Education has remained Jill Biden's passion. She taught for 13 years in the public schools, working as an English teacher and a reading specialist as well as a part-time teacher in the adolescent program at the Rockford Center, a psychiatric hospital.
At the college level, she prefers to teach English composition and developmental writing courses and meets with her students individually often throughout the year. She's hands-on in the classroom. It's not uncommon, Brainard said, to see her standing beside students who need help, leaning down over their work.
"Jill takes time to get to know her students," said Frances Leach, dean of instruction at Delaware Tech, "and to learn their stories."
When Joe Biden was campaigning during the primary season this year, before dropping out of the race, Jill kept her full teaching schedule and traveled to Iowa, New Hampshire, and other early-primary states on the weekends.
She told Brainard she has learned how to change in the cramped bathrooms of planes and trains, stockings and all.
Despite her hurried schedule, she always looked put together, Brainard said. Even her desk is neat, decorated with family pictures and fresh flowers, Brainard said.

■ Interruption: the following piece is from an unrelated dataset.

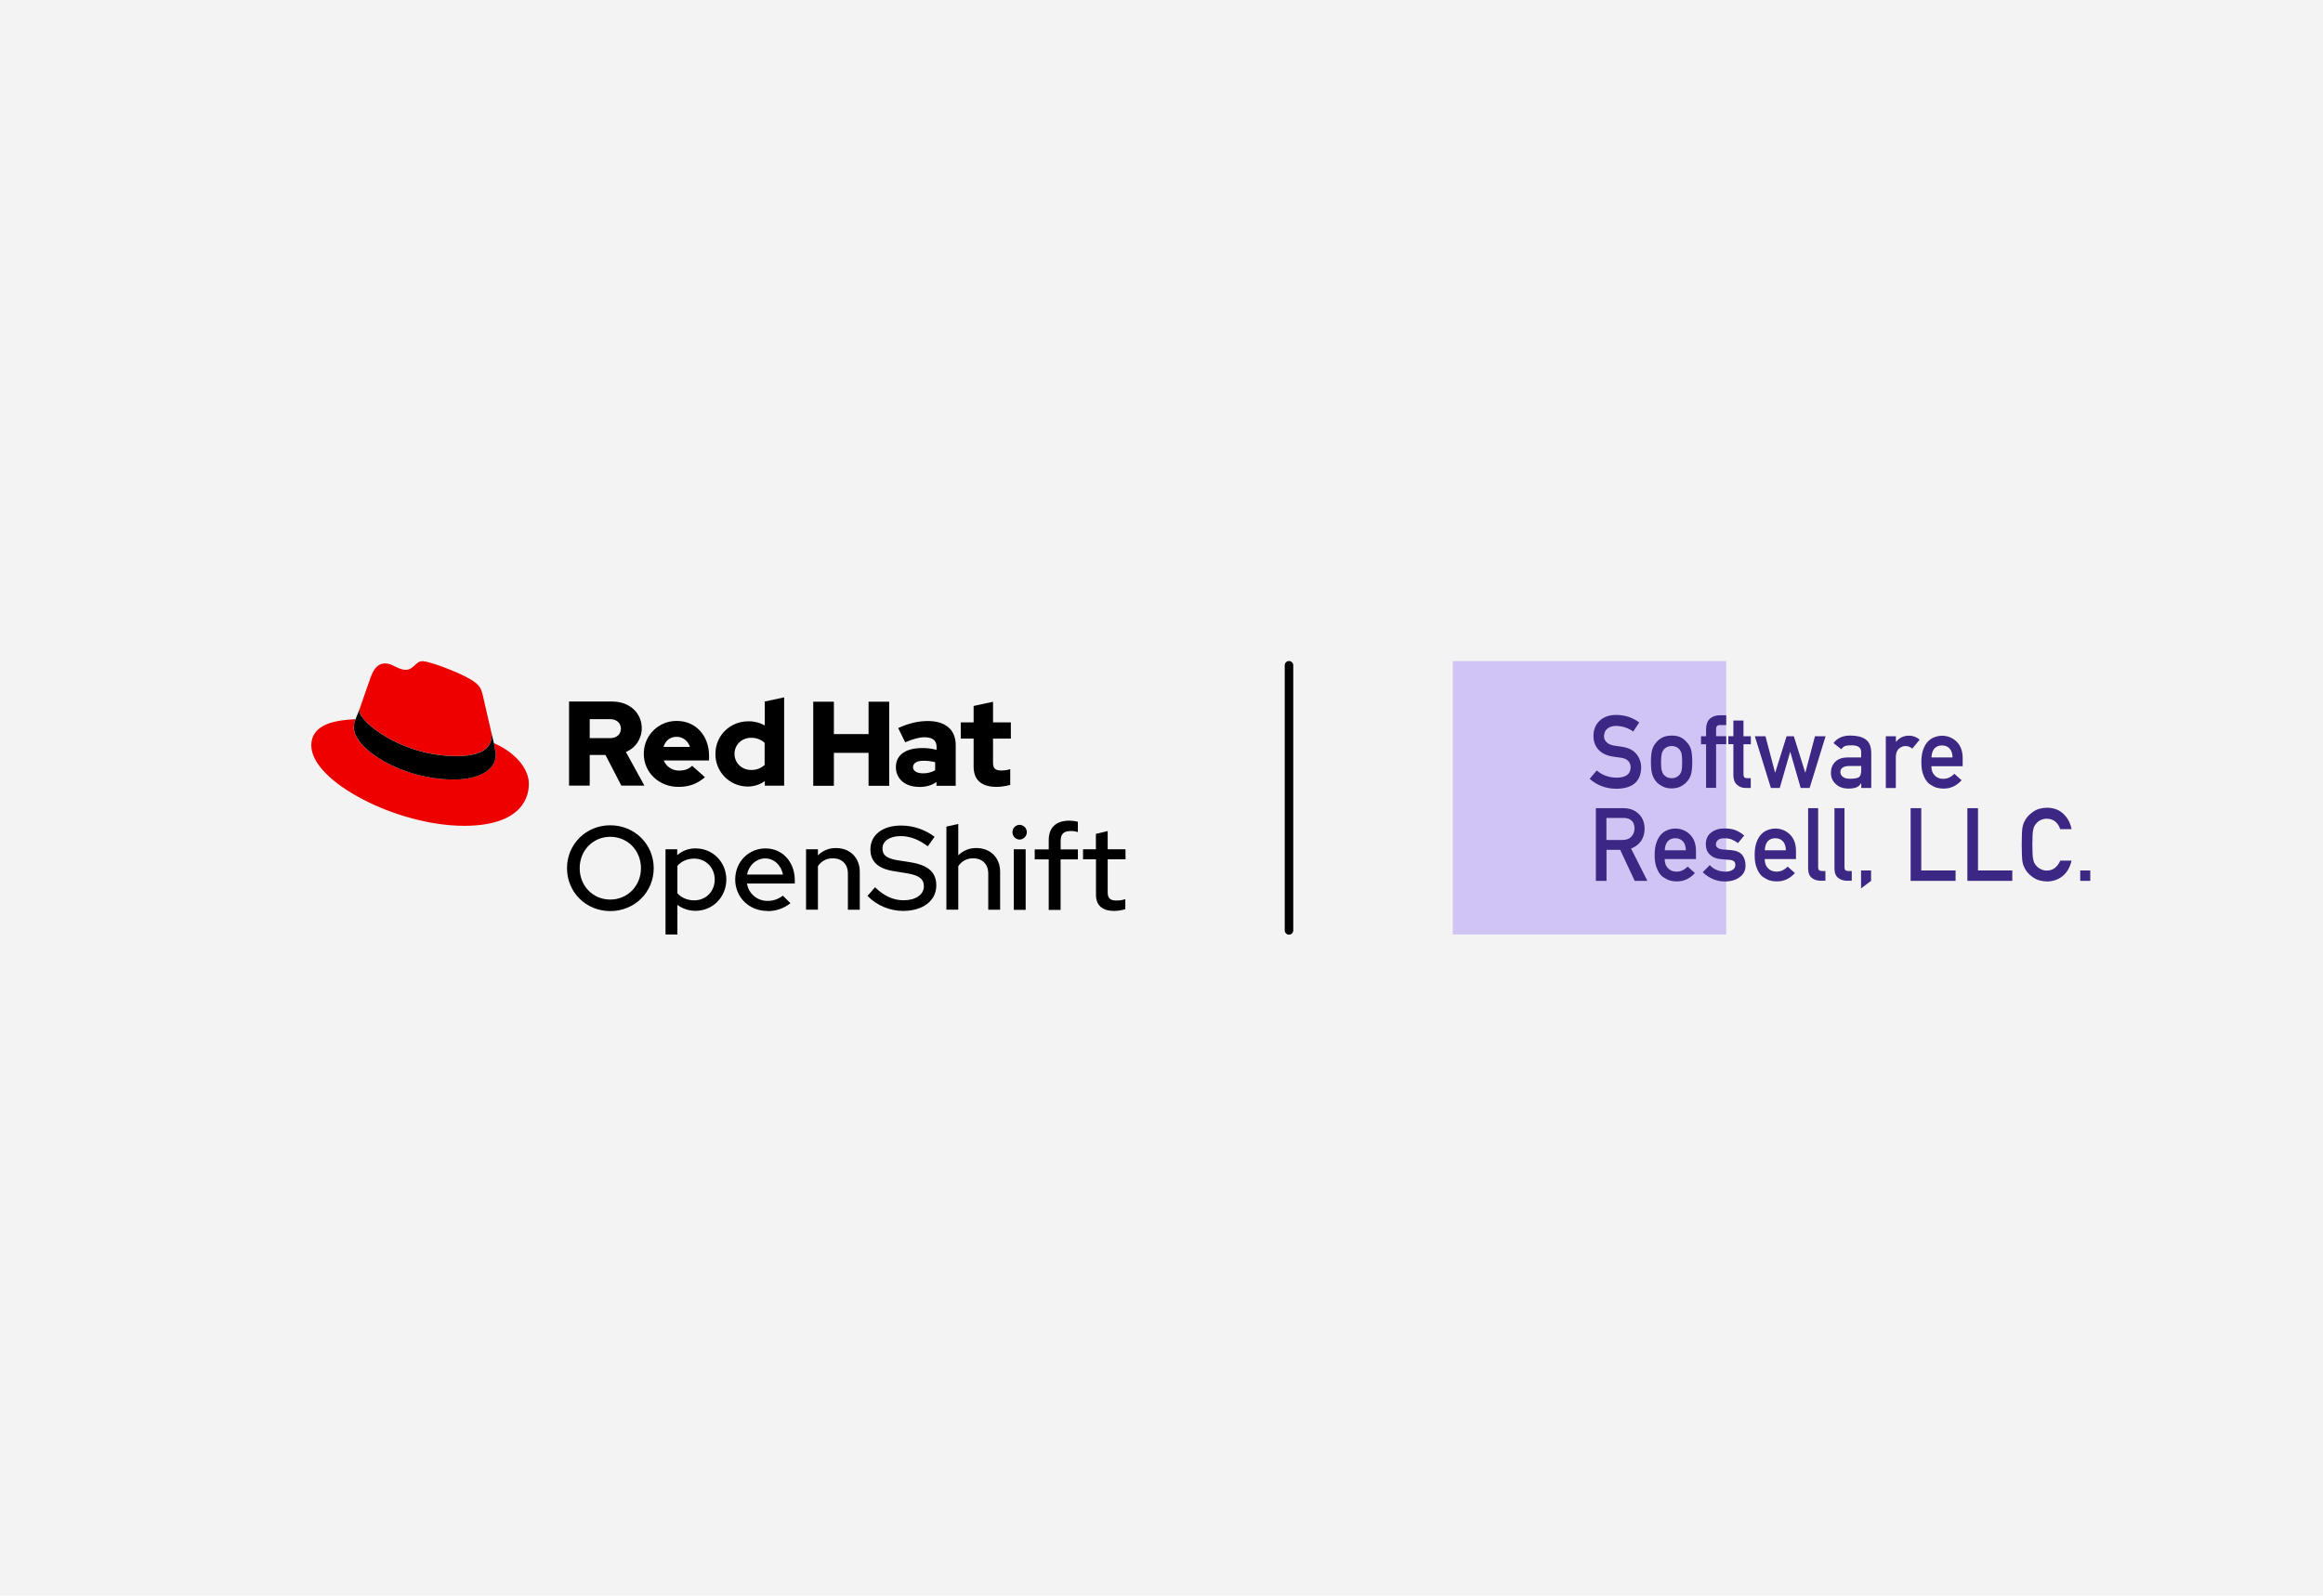 <?xml version="1.0" encoding="UTF-8"?><svg id="uuid-eb6743b6-09ef-4282-8250-0f8c561a72f6" xmlns="http://www.w3.org/2000/svg" width="262" height="180" viewBox="0 0 262 180"><rect y="0" width="262" height="180" fill="#f3f3f3" stroke-width="0"/><g id="uuid-c70530b4-5fed-4c2c-854f-a54fd839f03e"><path d="m68.83,102.78c-2.74,0-4.88-2.13-4.88-4.84s2.15-4.84,4.88-4.84,4.9,2.13,4.9,4.84-2.16,4.84-4.9,4.84Zm0-8.38c-1.94,0-3.45,1.53-3.45,3.54s1.5,3.54,3.45,3.54,3.46-1.55,3.46-3.54-1.5-3.54-3.46-3.54Z" stroke-width="0"/><path d="m75.06,95.81h1.32v.66c.58-.5,1.32-.78,2.09-.76,1.93,0,3.45,1.55,3.45,3.51s-1.52,3.53-3.47,3.53c-.74,0-1.46-.23-2.05-.67v3.34h-1.34v-9.6Zm1.34,1.88v3.08c.43.5,1.14.8,1.9.8,1.32,0,2.31-1.01,2.31-2.35s-1.01-2.36-2.31-2.36c-.78,0-1.46.3-1.9.82Z" stroke-width="0"/><path d="m86.5,102.76c-2.01,0-3.58-1.55-3.58-3.54s1.5-3.51,3.42-3.51,3.3,1.55,3.3,3.57v.39h-5.39c.17,1.14,1.16,1.97,2.31,1.96.63.01,1.24-.2,1.73-.59l.86.85c-.75.6-1.68.91-2.64.89Zm-2.24-4.1h4.05c-.2-1.05-1.01-1.82-2-1.82s-1.85.74-2.05,1.82Z" stroke-width="0"/><path d="m90.91,95.81h1.34v.68c.54-.54,1.29-.84,2.05-.82,1.57,0,2.67,1.09,2.67,2.67v4.29h-1.34v-4.07c0-1.07-.66-1.73-1.69-1.73-.68-.02-1.32.31-1.69.88v4.91h-1.34v-6.82Z" stroke-width="0"/><path d="m98.69,100.09c1.02.99,2.06,1.47,3.23,1.47,1.35,0,2.28-.64,2.28-1.57,0-.83-.54-1.25-1.9-1.47l-1.57-.26c-1.72-.28-2.56-1.09-2.56-2.44,0-1.63,1.37-2.69,3.46-2.69,1.37,0,2.69.45,3.78,1.27l-.77,1.07c-1.02-.77-2.02-1.15-3.07-1.15-1.22,0-2.04.56-2.04,1.39,0,.76.47,1.13,1.68,1.33l1.51.24c1.98.32,2.88,1.14,2.88,2.6,0,1.73-1.5,2.88-3.74,2.88-1.51,0-2.96-.61-4.02-1.69l.86-.99Z" stroke-width="0"/><path d="m106.74,93.25l1.34-.3v3.54c.54-.54,1.28-.84,2.05-.82,1.57,0,2.67,1.09,2.67,2.67v4.29h-1.34v-4.07c0-1.07-.66-1.73-1.69-1.73-.68-.02-1.32.31-1.69.88v4.91h-1.34v-9.38Z" stroke-width="0"/><path d="m114.19,93.88c0-.46.36-.83.82-.83,0,0,0,0,0,0,.46.02.82.4.8.86-.02.43-.36.78-.8.8-.46,0-.82-.37-.82-.83,0,0,0,0,0,0Zm1.49,8.76h-1.34v-6.83h1.34v6.83Z" stroke-width="0"/><path d="m118.28,95.81v-1.03c0-1.42.82-2.2,2.32-2.2.33,0,.65.04.97.12v1.17c-.27-.09-.56-.13-.84-.12-.74,0-1.1.34-1.1,1.06v1.01h1.94v1.13h-1.95v5.7h-1.34v-5.7h-1.58v-1.13h1.58Z" stroke-width="0"/><path d="m123.6,96.94h-1.45v-1.13h1.45v-1.74l1.33-.32v2.06h2.01v1.13h-2.01v3.7c0,.7.28.95,1.01.95.33,0,.67-.05.98-.16v1.13c-.41.13-.84.2-1.27.2-1.33,0-2.04-.63-2.04-1.81v-4.01Z" stroke-width="0"/><path d="m51.5,85.29c1.61,0,3.95-.33,3.95-2.25,0-.15,0-.3-.04-.44l-.96-4.17c-.22-.92-.42-1.33-2.03-2.14-1.25-.64-3.98-1.7-4.79-1.7-.75,0-.97.97-1.86.97s-1.5-.72-2.31-.72-1.28.53-1.67,1.61c0,0-1.08,3.06-1.22,3.5-.02.08-.03.17-.03.25,0,1.19,4.68,5.09,10.96,5.09m4.2-1.47c.22,1.06.22,1.17.22,1.31,0,1.81-2.03,2.81-4.7,2.81-6.04,0-11.32-3.53-11.32-5.86,0-.33.07-.65.19-.95-2.17.11-4.98.5-4.98,2.97,0,4.06,9.62,9.06,17.23,9.06,5.84,0,7.31-2.64,7.31-4.73,0-1.64-1.42-3.5-3.97-4.61" fill="#e00" stroke-width="0"/><path d="m55.7,83.82c.22,1.06.22,1.17.22,1.31,0,1.81-2.03,2.81-4.7,2.81-6.04,0-11.31-3.53-11.31-5.86,0-.33.07-.65.19-.95l.47-1.17c-.02.08-.03.16-.03.25,0,1.19,4.68,5.09,10.96,5.09,1.61,0,3.95-.33,3.95-2.25,0-.15,0-.3-.04-.44l.29,1.22Z" stroke-width="0"/><path d="m109.81,86.49c0,1.53.92,2.28,2.6,2.28.52-.01,1.03-.09,1.53-.22v-1.78c-.32.1-.65.15-.99.15-.69,0-.95-.22-.95-.87v-2.73h2.01v-1.83h-2.01v-2.32l-2.19.47v1.85h-1.45v1.83h1.45v3.16Zm-6.83.04c0-.47.48-.71,1.19-.71.44,0,.88.06,1.3.16v.92c-.42.23-.89.35-1.37.34-.7,0-1.13-.27-1.13-.72m.67,2.26c.77,0,1.4-.16,1.98-.56v.43h2.17v-4.6c0-1.75-1.18-2.71-3.14-2.71-1.1,0-2.18.26-3.35.79l.79,1.61c.84-.35,1.55-.57,2.17-.57.9,0,1.37.35,1.37,1.07v.35c-.53-.14-1.08-.21-1.63-.2-1.85,0-2.96.77-2.96,2.16,0,1.26,1,2.22,2.6,2.22m-11.92-.12h2.33v-3.72h3.91v3.72h2.33v-9.49h-2.33v3.65h-3.91v-3.65h-2.33v9.5Zm-8.88-3.6c0-1.03.81-1.82,1.88-1.82.56-.01,1.1.19,1.52.56v2.5c-.41.38-.96.59-1.52.57-1.06,0-1.88-.79-1.88-1.82m3.43,3.59h2.17v-9.96l-2.19.47v2.7c-.56-.32-1.19-.48-1.83-.47-2.09,0-3.73,1.61-3.73,3.67-.03,2.01,1.58,3.66,3.59,3.69.02,0,.04,0,.06,0,.69,0,1.37-.21,1.92-.62v.52Zm-9.95-5.51c.69,0,1.27.45,1.5,1.14h-2.99c.22-.72.76-1.14,1.49-1.14m-3.71,1.93c0,2.09,1.71,3.72,3.9,3.72,1.21,0,2.09-.33,3-1.09l-1.45-1.29c-.34.35-.84.54-1.44.54-.77.02-1.47-.43-1.76-1.14h5.11v-.54c0-2.28-1.53-3.92-3.62-3.92-2.03-.03-3.71,1.59-3.74,3.63,0,.03,0,.06,0,.09m-3.79-3.92c.77,0,1.21.49,1.21,1.07s-.43,1.07-1.21,1.07h-2.31v-2.14h2.31Zm-4.64,7.5h2.33v-3.46h1.78l1.79,3.46h2.6l-2.09-3.8c1.09-.44,1.79-1.5,1.79-2.67,0-1.71-1.34-3.02-3.35-3.02h-4.85v9.49Z" stroke-width="0"/></g><path id="uuid-ceb3775f-bdf7-4cdd-9899-96d6bb4a2070" d="m145.38,105.44c-.27,0-.48-.22-.48-.48v-29.91c0-.27.22-.48.48-.48s.48.22.48.48v29.91c0,.27-.22.48-.48.48Z" stroke-width="0"/><rect x="163.85" y="74.58" width="30.84" height="30.84" fill="#cfc4f3" stroke-width="0"/><path d="m180.08,86.91c.63.54,1.38.81,2.26.82,1.03-.01,1.55-.4,1.57-1.14,0-.61-.34-.98-1.03-1.1-.32-.04-.67-.1-1.05-.15-.68-.12-1.2-.38-1.56-.78-.37-.42-.55-.92-.55-1.52,0-.72.23-1.29.69-1.73.45-.43,1.08-.66,1.9-.66.99.02,1.84.3,2.57.85l-.67,1.02c-.6-.41-1.25-.62-1.97-.63-.37,0-.68.1-.93.29-.26.2-.39.49-.4.89,0,.24.09.45.27.64.18.2.46.33.85.4.22.04.52.08.89.13.74.11,1.29.38,1.65.83.35.44.53.95.53,1.53-.04,1.57-.97,2.36-2.78,2.38-1.17,0-2.18-.37-3.03-1.12l.79-.93Z" fill="#3d2784" stroke-width="0"/><path d="m186.2,85.97c0-.62.05-1.09.15-1.42.1-.32.26-.59.47-.82.16-.19.37-.37.65-.52.28-.15.63-.22,1.06-.23.45,0,.81.08,1.08.23.27.15.48.33.63.52.22.22.38.49.48.81.09.33.14.8.14,1.42s-.05,1.08-.14,1.4c-.09.32-.25.6-.48.84-.07.09-.16.17-.27.25-.09.09-.22.17-.36.24-.28.16-.64.25-1.08.25-.43,0-.79-.09-1.06-.25-.28-.15-.5-.31-.65-.49-.21-.24-.37-.52-.47-.84-.1-.32-.15-.79-.15-1.4Zm3.52.01c0-.42-.02-.72-.05-.91-.04-.18-.11-.35-.22-.48-.08-.13-.21-.23-.37-.31-.16-.08-.34-.12-.55-.12-.19,0-.37.04-.53.12-.16.08-.28.18-.38.31-.1.14-.17.3-.21.48-.04.19-.07.49-.07.9s.02.7.07.89c.04.19.11.36.21.51.1.11.23.21.38.3.16.08.34.12.53.12.21,0,.39-.04.55-.12.16-.09.29-.19.37-.3.11-.15.19-.32.22-.51.04-.19.05-.48.05-.88Z" fill="#3d2784" stroke-width="0"/><path d="m192.42,83.96h-.57v-.9h.57v-.77c0-.55.15-.96.45-1.23.29-.24.65-.37,1.09-.37h.73v1.1h-.65c-.34-.01-.51.15-.49.49v.77h1.14v.9h-1.14v4.93h-1.13v-4.93Z" fill="#3d2784" stroke-width="0"/><path d="m195.51,81.28h1.13v1.78h.83v.9h-.83v3.4c0,.3.13.44.4.43h.42v1.1h-.59c-.4,0-.72-.13-.98-.38-.26-.24-.39-.59-.39-1.06v-3.5h-.57v-.9h.57v-1.78Z" fill="#3d2784" stroke-width="0"/><path d="m201.93,84.8h-.02l-1.18,4.09h-1l-1.81-5.83h1.2l1.08,4.09h.02l1.28-4.09h.82l1.28,4.09h.02l1.08-4.09h1.2l-1.8,5.83h-1.01l-1.18-4.09Z" fill="#3d2784" stroke-width="0"/><path d="m209.91,88.37h-.02c-.11.2-.27.34-.49.44-.22.1-.52.15-.9.15-.63,0-1.12-.18-1.46-.52-.36-.33-.54-.75-.54-1.26s.16-.9.47-1.22c.31-.33.77-.5,1.37-.51h1.57v-.62c0-.52-.38-.77-1.16-.75-.28,0-.51.03-.67.09-.17.07-.3.19-.4.36l-.89-.7c.43-.58,1.07-.86,1.91-.85.71,0,1.28.13,1.7.42.42.29.64.79.65,1.51v3.98h-1.13v-.52Zm0-1.96h-1.36c-.66.02-.99.25-.98.7,0,.2.09.37.26.51.16.15.43.23.81.23.48,0,.81-.05,1.01-.17.18-.12.27-.4.27-.84v-.42Z" fill="#3d2784" stroke-width="0"/><path d="m212.7,83.06h1.13v.62h.02c.37-.46.86-.69,1.47-.69.45,0,.85.16,1.19.45l-.83,1.01c-.24-.2-.49-.29-.75-.29-.29,0-.54.1-.75.29-.23.19-.35.5-.36.93v3.52h-1.13v-5.83Z" fill="#3d2784" stroke-width="0"/><path d="m217.83,86.42c0,.47.13.82.39,1.07.24.25.56.37.96.37.46,0,.87-.19,1.24-.57l.82.73c-.58.64-1.26.95-2.04.94-.3,0-.59-.04-.87-.13-.14-.05-.28-.11-.41-.2-.14-.07-.27-.16-.4-.26-.24-.22-.43-.52-.58-.91-.16-.37-.24-.86-.24-1.46s.07-1.06.21-1.44c.14-.39.32-.7.54-.92.22-.23.48-.39.76-.49.28-.1.55-.15.82-.15.65,0,1.19.23,1.64.66.45.44.68,1.04.69,1.81v.97h-3.52Zm2.39-.97c-.01-.46-.13-.8-.35-1.03-.22-.22-.5-.33-.84-.33s-.62.11-.84.33c-.21.23-.33.58-.35,1.03h2.39Z" fill="#3d2784" stroke-width="0"/><path d="m179.98,91.17h3.1c.66,0,1.2.18,1.62.54.5.41.77.99.79,1.75-.01,1.11-.53,1.87-1.53,2.27l1.84,3.64h-1.43l-1.64-3.5h-1.54v3.5h-1.2v-8.19Zm1.2,3.59h1.82c.45,0,.79-.14,1.02-.41.22-.24.33-.54.33-.9,0-.43-.14-.74-.4-.93-.2-.17-.5-.25-.88-.25h-1.89v2.49Z" fill="#3d2784" stroke-width="0"/><path d="m187.75,96.89c0,.47.13.82.39,1.07.24.25.56.37.96.37.46,0,.87-.19,1.24-.57l.82.73c-.58.64-1.26.95-2.04.94-.3,0-.59-.04-.87-.13-.14-.05-.28-.11-.41-.2-.14-.07-.27-.16-.4-.26-.24-.22-.43-.52-.58-.91-.16-.37-.24-.86-.24-1.46s.07-1.06.21-1.44c.14-.39.32-.7.54-.92.22-.23.48-.39.76-.49.28-.1.55-.15.82-.15.65,0,1.19.23,1.64.66.45.44.68,1.04.69,1.81v.97h-3.52Zm2.39-.97c-.01-.46-.13-.8-.35-1.03-.22-.22-.5-.33-.84-.33s-.62.11-.84.33c-.21.23-.33.58-.35,1.03h2.39Z" fill="#3d2784" stroke-width="0"/><path d="m192.82,97.58c.46.5,1.06.75,1.79.75.33,0,.59-.07.8-.2.21-.13.31-.31.31-.55,0-.21-.06-.36-.19-.44-.13-.09-.3-.13-.51-.14l-1-.09c-.48-.04-.86-.21-1.16-.49-.31-.28-.46-.67-.47-1.16,0-.6.21-1.05.62-1.35.39-.3.89-.45,1.49-.45.26,0,.5.02.7.05.21.04.4.09.58.16.35.15.66.34.94.59l-.7.85c-.22-.16-.45-.3-.69-.4-.24-.09-.52-.14-.83-.14-.36,0-.61.07-.75.2-.15.13-.22.3-.22.51,0,.13.05.25.17.34.11.11.3.18.58.21l.94.07c.59.05,1.01.23,1.28.55.24.32.37.71.37,1.2,0,.57-.23,1-.67,1.31-.44.32-.99.48-1.67.48-.92,0-1.75-.35-2.49-1.04l.79-.8Z" fill="#3d2784" stroke-width="0"/><path d="m199.03,96.89c0,.47.13.82.39,1.07.24.25.56.37.96.37.46,0,.87-.19,1.24-.57l.82.73c-.58.64-1.26.95-2.04.94-.3,0-.59-.04-.87-.13-.14-.05-.28-.11-.41-.2-.14-.07-.27-.16-.4-.26-.24-.22-.43-.52-.58-.91-.16-.37-.24-.86-.24-1.46s.07-1.06.21-1.44c.14-.39.32-.7.54-.92.22-.23.48-.39.76-.49.28-.1.55-.15.82-.15.65,0,1.19.23,1.64.66.45.44.68,1.04.69,1.81v.97h-3.52Zm2.39-.97c-.01-.46-.13-.8-.35-1.03-.22-.22-.5-.33-.84-.33s-.62.11-.84.33c-.21.23-.33.58-.35,1.03h2.39Z" fill="#3d2784" stroke-width="0"/><path d="m203.93,91.17h1.13v6.69c0,.27.14.4.43.4h.39v1.1h-.51c-.41,0-.75-.11-1.02-.32-.28-.22-.42-.58-.42-1.09v-6.78Z" fill="#3d2784" stroke-width="0"/><path d="m206.9,91.17h1.13v6.69c0,.27.14.4.43.4h.39v1.1h-.51c-.41,0-.75-.11-1.02-.32-.28-.22-.42-.58-.42-1.09v-6.78Z" fill="#3d2784" stroke-width="0"/><path d="m209.9,98.2h1.13v1.17l-1.13.85v-2.02Z" fill="#3d2784" stroke-width="0"/><path d="m215.49,91.17h1.2v7.03h3.87v1.17h-5.07v-8.19Z" fill="#3d2784" stroke-width="0"/><path d="m221.89,91.17h1.2v7.03h3.87v1.17h-5.07v-8.19Z" fill="#3d2784" stroke-width="0"/><path d="m233.64,97.08c-.17.76-.51,1.34-1,1.75-.5.4-1.1.61-1.79.61-.62-.02-1.14-.17-1.56-.47-.42-.29-.73-.62-.92-1-.06-.12-.11-.24-.16-.35-.04-.12-.08-.26-.11-.44-.05-.33-.08-.96-.08-1.9s.03-1.59.08-1.91c.06-.32.15-.58.27-.78.19-.38.5-.72.93-1.01.42-.3.94-.45,1.56-.46.77,0,1.39.24,1.87.7.48.46.79,1.04.91,1.72h-1.28c-.1-.33-.28-.61-.53-.84-.27-.22-.6-.34-.98-.34-.28,0-.53.07-.73.17-.21.11-.37.25-.5.42-.16.18-.26.4-.31.68-.06.29-.09.84-.09,1.65s.03,1.35.09,1.64c.05.29.15.52.31.69.13.17.29.31.5.41.2.12.45.19.73.19.68,0,1.18-.37,1.52-1.12h1.27Z" fill="#3d2784" stroke-width="0"/><path d="m234.62,98.2h1.13v1.17h-1.13v-1.17Z" fill="#3d2784" stroke-width="0"/></svg>

She also leaves herself time for a daily five-mile run.
At campaign events, she has a knack for finding people struggling to attract attention to have a question answered, said Richard Vague, a Philadelphia investor and longtime Joe Biden fund-raiser and supporter.
She might not get off so easy with students' questions any longer, but those who know her don't expect much else to change. The Secret Service is working with campus security at Delaware Tech in anticipation of her return.
Even with her husband in the limelight this week, she has declined interview requests.
"She is about the most down-to-earth person I've ever been around," Vague said. "She never let any of the hoopla stand in the way of her being completely nice to everybody she encounters, from the young kids to the wait staff. . . . She is just as gracious and as genuine as they come."